* [Work to complete] Among the entries below, find every line that contains the string "width", then copy it.

Saved entries

########################################

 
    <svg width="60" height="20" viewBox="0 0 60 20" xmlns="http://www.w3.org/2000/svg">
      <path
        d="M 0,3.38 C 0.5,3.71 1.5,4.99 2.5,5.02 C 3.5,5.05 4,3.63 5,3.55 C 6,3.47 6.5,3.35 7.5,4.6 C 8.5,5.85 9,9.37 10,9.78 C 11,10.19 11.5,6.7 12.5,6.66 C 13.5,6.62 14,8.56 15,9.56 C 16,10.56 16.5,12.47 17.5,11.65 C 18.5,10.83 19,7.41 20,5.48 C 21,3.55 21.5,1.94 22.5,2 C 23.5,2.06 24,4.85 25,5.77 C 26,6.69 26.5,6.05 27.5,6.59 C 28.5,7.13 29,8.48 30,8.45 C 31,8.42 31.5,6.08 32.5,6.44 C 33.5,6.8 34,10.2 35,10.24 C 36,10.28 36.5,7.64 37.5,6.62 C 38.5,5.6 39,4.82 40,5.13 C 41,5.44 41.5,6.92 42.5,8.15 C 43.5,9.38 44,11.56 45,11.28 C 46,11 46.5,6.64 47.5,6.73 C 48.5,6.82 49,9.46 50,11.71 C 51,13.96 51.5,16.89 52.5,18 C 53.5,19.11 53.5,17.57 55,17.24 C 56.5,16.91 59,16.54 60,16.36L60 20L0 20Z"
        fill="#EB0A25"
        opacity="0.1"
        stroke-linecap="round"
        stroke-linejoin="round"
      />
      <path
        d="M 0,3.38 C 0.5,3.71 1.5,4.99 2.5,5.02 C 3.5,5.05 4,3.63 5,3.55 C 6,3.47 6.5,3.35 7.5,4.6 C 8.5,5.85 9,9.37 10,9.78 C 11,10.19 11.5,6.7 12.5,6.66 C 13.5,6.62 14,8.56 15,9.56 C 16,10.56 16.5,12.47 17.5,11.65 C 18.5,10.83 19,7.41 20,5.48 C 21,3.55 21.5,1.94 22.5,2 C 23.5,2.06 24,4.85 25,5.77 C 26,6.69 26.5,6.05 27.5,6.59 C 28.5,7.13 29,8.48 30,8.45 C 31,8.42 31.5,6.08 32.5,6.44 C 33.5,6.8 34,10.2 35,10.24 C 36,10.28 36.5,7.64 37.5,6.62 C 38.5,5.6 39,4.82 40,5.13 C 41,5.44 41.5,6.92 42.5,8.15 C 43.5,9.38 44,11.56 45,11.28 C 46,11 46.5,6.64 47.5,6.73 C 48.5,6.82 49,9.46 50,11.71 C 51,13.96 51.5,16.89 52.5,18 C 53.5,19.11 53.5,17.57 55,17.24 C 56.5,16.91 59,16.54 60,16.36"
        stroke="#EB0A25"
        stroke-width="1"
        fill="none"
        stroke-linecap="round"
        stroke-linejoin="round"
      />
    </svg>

########################################

* [Output below]
    <svg width="60" height="20" viewBox="0 0 60 20" xmlns="http://www.w3.org/2000/svg">
        stroke-width="1"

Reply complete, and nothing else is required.